Mélanie, la femme de chambre de Mme Bartier, la belle-sœur du Docteur-Noir, était restée dans la demeure de celui-ci.

Le médecin lui avait offert si gracieusement l’hospitalité, qu’elle l’avait acceptée simplement, sans démonstration de gratitude.

Mais la reconnaissance était dans son cœur.

Elle avait un profond respect pour cet homme loyal qui, par suite de drames intimes, se trouvait être le père de Georges, le fils adultérin de Mme Barlier.

La brave créature se promettait de servir le Docteur-Noir comme elle avait servie sa malheureuse maîtresse.

Elle se sentait prise d’une pitié immense en songeant aux souffrances qu’endureraient désormais les enfants du président, privés de leur mère…

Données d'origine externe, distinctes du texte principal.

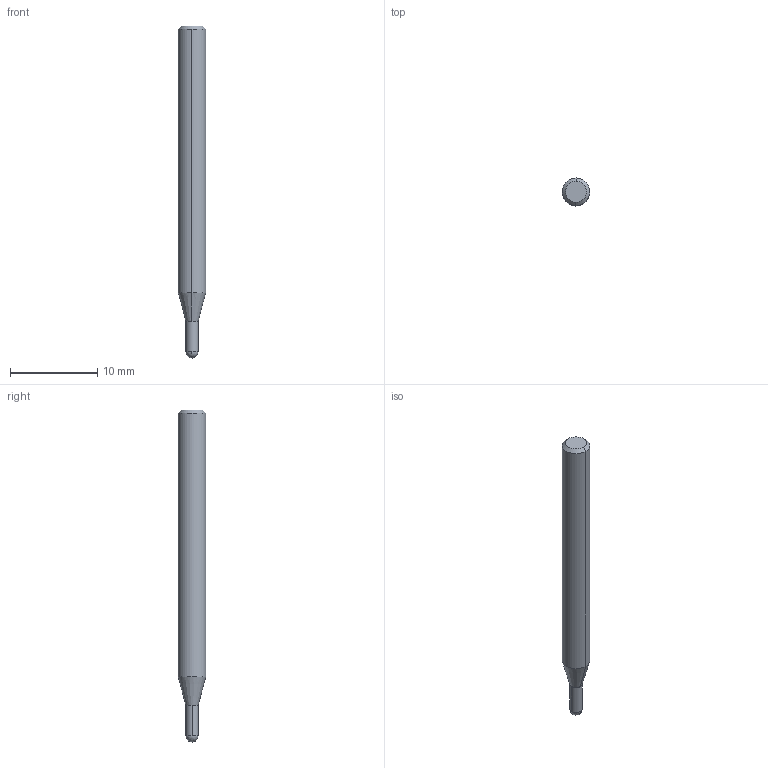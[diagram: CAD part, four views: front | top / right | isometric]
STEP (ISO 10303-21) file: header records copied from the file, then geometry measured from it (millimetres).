
FILE_DESCRIPTION (( 'STEP AP203' ), '1' );
FILE_NAME ('01478.STEP', '2024-03-07T21:27:34', ( '' ), ( '' ), 'SwSTEP 2.0', 'SolidWorks 2023', '' );
FILE_SCHEMA (( 'CONFIG_CONTROL_DESIGN' ));
Length unit declared in the file: inch
Products named in the file (1): 01478
Bounding box: 3.17 x 3.17 x 38.1 mm (x, y, z)
Volume: 261.9 mm3; surface area: 356.8 mm2
Topology: 2 solids, 2 shells, 17 faces, 34 edges, 19 vertices
Faces by surface type: cylinder 6, cone 6, plane 3, sphere 2
Entity records: 507 total; most frequent: DIRECTION 88, CARTESIAN_POINT 69, ORIENTED_EDGE 64, AXIS2_PLACEMENT_3D 38, EDGE_CURVE 32, CIRCLE 20, VERTEX_POINT 19, FACE_OUTER_BOUND 17
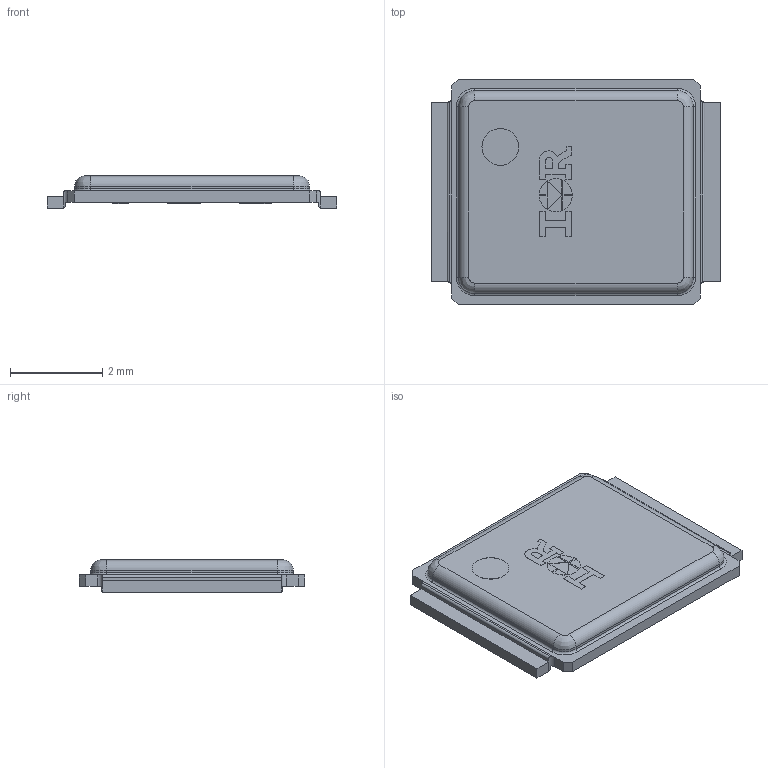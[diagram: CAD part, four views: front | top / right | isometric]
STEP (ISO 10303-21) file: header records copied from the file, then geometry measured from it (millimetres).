
FILE_DESCRIPTION(/* description */ (''),/* implementation_level */ '2;1');
FILE_NAME(/* name */ 'MG-WDSON-8-904_Z8B00188186_V03_3D.stp',/* time_stamp */ '2024-04-22T11:59:28+05:30',/* author */ ('sivamani'),/* organization */ (''),/* preprocessor_version */ 'ST-DEVELOPER v19.2',/* originating_system */ 'AutoCAD Mechanical',/* authorisation */ '');
FILE_SCHEMA (('AUTOMOTIVE_DESIGN { 1 0 10303 214 3 1 1 }'));
Length unit declared in the file: millimetre
Products named in the file (1): Product
Bounding box: 6.3 x 4.9 x 0.7 mm (x, y, z)
Volume: 13 mm3; surface area: 121.8 mm2
Topology: 15 solids, 15 shells, 220 faces, 525 edges, 314 vertices
Faces by surface type: plane 110, cylinder 70, bspline 32, torus 8
Full cylindrical faces by diameter (mm): 0.8 x2
Entity records: 6820 total; most frequent: CARTESIAN_POINT 1876, ORIENTED_EDGE 1002, DIRECTION 999, EDGE_CURVE 501, AXIS2_PLACEMENT_3D 341, LINE 317, VECTOR 317, VERTEX_POINT 314
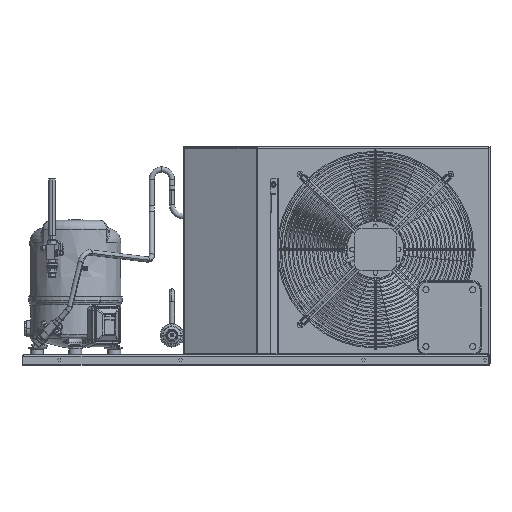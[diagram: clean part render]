
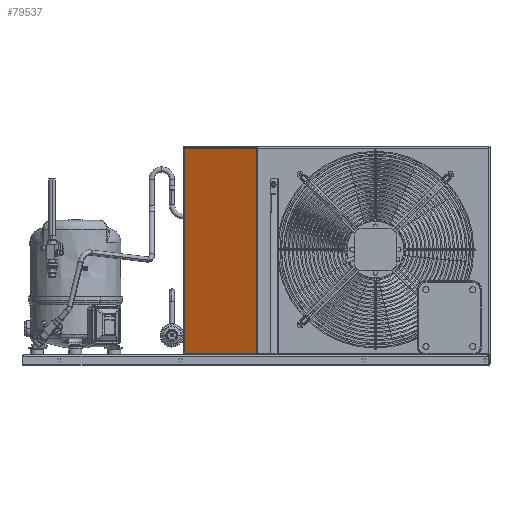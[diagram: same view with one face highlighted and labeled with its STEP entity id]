
A CAD part, top view. The second image highlights one B-rep face of the part: STEP entity #79537.
In plain terms, the highlighted face is planar.
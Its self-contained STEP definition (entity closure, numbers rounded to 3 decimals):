
#75265=DIRECTION('',(0.891,0.,0.454));
#75266=VECTOR('',#75265,198.578);
#75267=CARTESIAN_POINT('',(575.185,508.1,0.604));
#75268=LINE('',#75267,#75266);
#75303=CARTESIAN_POINT('',(575.185,508.85,0.604));
#75304=DIRECTION('',(-0.454,0.,0.891));
#75305=DIRECTION('',(-0.297,-0.943,-0.151));
#75306=AXIS2_PLACEMENT_3D('',#75303,#75304,#75305);
#75308=DIRECTION('',(0.,1.,0.));
#75309=VECTOR('',#75308,505.143);
#75310=CARTESIAN_POINT('',(574.963,3.,0.49));
#75311=LINE('',#75310,#75309);
#75312=CARTESIAN_POINT('',(752.12,508.85,90.756));
#75313=DIRECTION('',(0.454,0.,-0.891));
#75314=DIRECTION('',(0.42,-0.882,0.214));
#75315=AXIS2_PLACEMENT_3D('',#75312,#75313,#75314);
#75317=DIRECTION('',(-0.891,0.,-0.454));
#75318=VECTOR('',#75317,199.181);
#75319=CARTESIAN_POINT('',(752.434,3.,90.917));
#75320=LINE('',#75319,#75318);
#76056=DIRECTION('',(0.,1.,0.));
#76057=VECTOR('',#76056,505.188);
#76058=CARTESIAN_POINT('',(752.434,3.,90.917));
#76059=LINE('',#76058,#76057);
#77135=CARTESIAN_POINT('',(574.963,3.,0.49));
#77136=VERTEX_POINT('',#77135);
#77149=CARTESIAN_POINT('',(752.434,3.,90.917));
#77151=VERTEX_POINT('',#77149);
#77250=CARTESIAN_POINT('',(574.963,508.143,
0.49));
#77251=CARTESIAN_POINT('',(575.185,508.1,0.604));
#77252=VERTEX_POINT('',#77250);
#77253=VERTEX_POINT('',#77251);
#77264=CARTESIAN_POINT('',(752.434,508.188,90.917));
#77265=CARTESIAN_POINT('',(752.12,508.1,90.756));
#77266=VERTEX_POINT('',#77264);
#77267=VERTEX_POINT('',#77265);
#79521=CARTESIAN_POINT('',(574.963,0.,0.49));
#79522=DIRECTION('',(-0.454,0.,0.891));
#79523=DIRECTION('',(0.891,0.,0.454));
#79524=AXIS2_PLACEMENT_3D('',#79521,#79522,#79523);
#79525=PLANE('',#79524);
#79526=ORIENTED_EDGE('',*,*,#79505,.F.);
#79527=ORIENTED_EDGE('',*,*,#79456,.F.);
#79528=ORIENTED_EDGE('',*,*,#79421,.F.);
#79530=ORIENTED_EDGE('',*,*,#79529,.F.);
#79532=ORIENTED_EDGE('',*,*,#79531,.T.);
#79534=ORIENTED_EDGE('',*,*,#79533,.T.);
#79535=EDGE_LOOP('',(#79526,#79527,#79528,#79530,#79532,#79534));
#79536=FACE_OUTER_BOUND('',#79535,.F.);
#79537=ADVANCED_FACE('',(#79536),#79525,.F.);
#75307=CIRCLE('',#75306,0.75);
#75316=CIRCLE('',#75315,0.75);
#79421=EDGE_CURVE('',#77136,#77252,#75311,.T.);
#79456=EDGE_CURVE('',#77252,#77253,#75307,.T.);
#79505=EDGE_CURVE('',#77253,#77267,#75268,.T.);
#79529=EDGE_CURVE('',#77151,#77136,#75320,.T.);
#79531=EDGE_CURVE('',#77151,#77266,#76059,.T.);
#79533=EDGE_CURVE('',#77266,#77267,#75316,.T.);
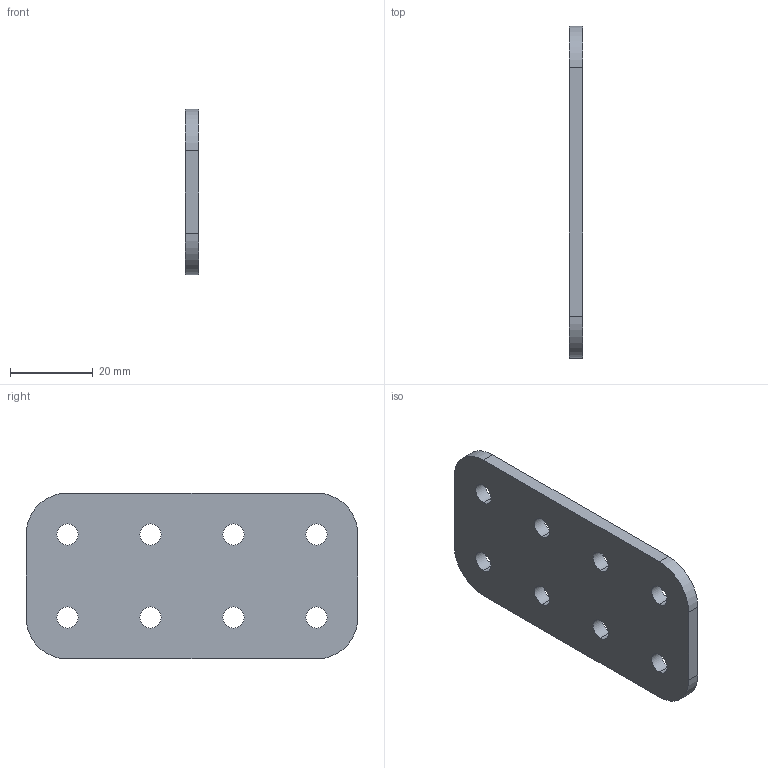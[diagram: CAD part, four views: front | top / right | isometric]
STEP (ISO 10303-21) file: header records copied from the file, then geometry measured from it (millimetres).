
FILE_DESCRIPTION (( 'STEP AP203' ), '1' );
FILE_NAME ('Flat Climb Gauset.STEP', '2024-03-24T16:44:53', ( '' ), ( '' ), 'SwSTEP 2.0', 'SolidWorks 2023', '' );
FILE_SCHEMA (( 'CONFIG_CONTROL_DESIGN' ));
Length unit declared in the file: millimetre
Products named in the file (1): Flat Climb Gauset
Bounding box: 3.17 x 80 x 40 mm (x, y, z)
Volume: 9368.6 mm3; surface area: 7015.9 mm2
Topology: 1 solids, 1 shells, 26 faces, 72 edges, 48 vertices
Faces by surface type: cylinder 20, plane 6
Entity records: 965 total; most frequent: DIRECTION 166, CARTESIAN_POINT 147, ORIENTED_EDGE 144, EDGE_CURVE 72, AXIS2_PLACEMENT_3D 67, VERTEX_POINT 48, EDGE_LOOP 42, CIRCLE 40
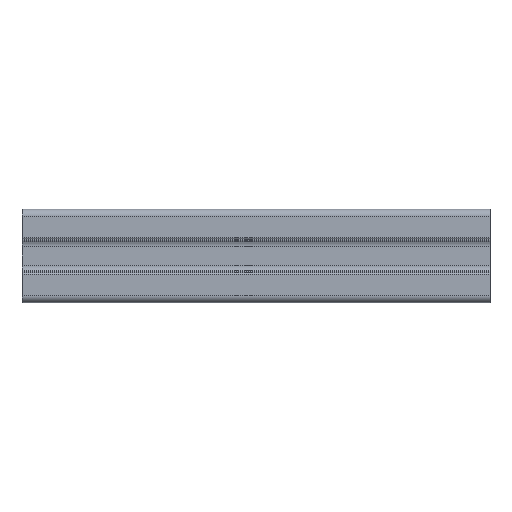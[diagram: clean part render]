
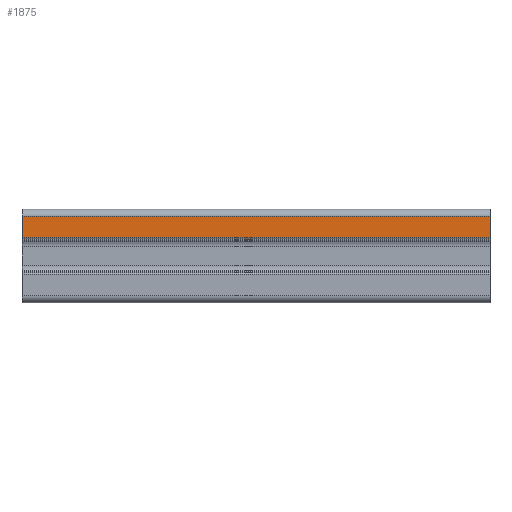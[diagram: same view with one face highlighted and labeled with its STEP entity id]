
A CAD part, front view. The second image highlights one B-rep face of the part: STEP entity #1875.
In plain terms, the highlighted planar face has unit normal (0, -1, 0).
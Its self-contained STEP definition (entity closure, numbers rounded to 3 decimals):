
#23=PLANE('',#2094);
#75=FACE_OUTER_BOUND('',#180,.T.);
#180=EDGE_LOOP('',(#1450,#1451,#1452,#1453));
#281=LINE('',#2833,#466);
#354=LINE('',#3124,#539);
#369=LINE('',#3189,#554);
#371=LINE('',#3192,#556);
#466=VECTOR('',#2231,1000.);
#539=VECTOR('',#2456,1000.);
#554=VECTOR('',#2513,1000.);
#556=VECTOR('',#2517,1000.);
#768=VERTEX_POINT('',#2830);
#769=VERTEX_POINT('',#2832);
#855=VERTEX_POINT('',#3010);
#911=VERTEX_POINT('',#3122);
#962=EDGE_CURVE('',#768,#769,#281,.T.);
#1110=EDGE_CURVE('',#855,#911,#354,.T.);
#1145=EDGE_CURVE('',#768,#855,#369,.T.);
#1147=EDGE_CURVE('',#769,#911,#371,.T.);
#1450=ORIENTED_EDGE('',*,*,#1110,.T.);
#1451=ORIENTED_EDGE('',*,*,#1147,.F.);
#1452=ORIENTED_EDGE('',*,*,#962,.F.);
#1453=ORIENTED_EDGE('',*,*,#1145,.T.);
#1875=ADVANCED_FACE('',(#75),#23,.F.);
#2094=AXIS2_PLACEMENT_3D('',#3191,#2515,#2516);
#2231=DIRECTION('',(0.,0.,-1.));
#2456=DIRECTION('',(0.,0.,-1.));
#2513=DIRECTION('',(-1.,0.,0.));
#2515=DIRECTION('center_axis',(0.,1.,0.));
#2516=DIRECTION('ref_axis',(0.,0.,1.));
#2517=DIRECTION('',(-1.,0.,0.));
#2830=CARTESIAN_POINT('',(100.,-10.,8.5));
#2832=CARTESIAN_POINT('',(100.,-10.,3.9));
#2833=CARTESIAN_POINT('',(100.,-10.,8.5));
#3010=CARTESIAN_POINT('',(0.,-10.,8.5));
#3122=CARTESIAN_POINT('',(0.,-10.,3.9));
#3124=CARTESIAN_POINT('',(0.,-10.,8.5));
#3189=CARTESIAN_POINT('',(100.,-10.,8.5));
#3191=CARTESIAN_POINT('Origin',(100.,-10.,8.5));
#3192=CARTESIAN_POINT('',(100.,-10.,3.9));

Madeleine savait ce que faisait Jean-Baptiste Flack, Il était parti aussitôt après son maître, saisi d’un pressentiment de mauvais augure.

Son étonnement ne fut pas grand en voyant arriver le soir. Le Docteur devait avoir de nombreuses occupations qui l’avaient retardé.

Quant à son domestique, il ne devait pas le perdre de vue, et, sous la surveillance de ce gardien dévoué et intelligent, il n’y avait rien à craindre pour M. Lucien, — c’est ainsi que Madeleine appelait le frère du président.

Elle avait si souvent entendu sa pauvre maîtresse prononcer ce nom, qui lui rappelait une faute bien chère, qu’elle l’avait retenu…

Madeleine, installée dans la maison, mit tout en ordre et prépara le repas.

Quand la nuit fut complètement tombée, l’inquiétude la plus vive commença à la tourmenter…

Les heures s’écoulèrent.

Elle s’installa sur un fauteuil et attendit avec impatience.

Au moindre bruit, elle courait vers la porte, prêtant l’oreille.

Chaque fois, c’était une fausse alerte ; la nuit se passa sans amener rien de nouveau.

Elle finit par s’assoupir et quand elle se réveilla le jour commençait à poindre, gris et terne.

Comme elle réparait le désordre de sa toilette, un coup de sonnette la fit tressaillir.

Elle se hâta d’aller ouvrir…

— Comment ! vous revenez seul ? fit-elle en voyant apparaître Jean-Baptiste Flack.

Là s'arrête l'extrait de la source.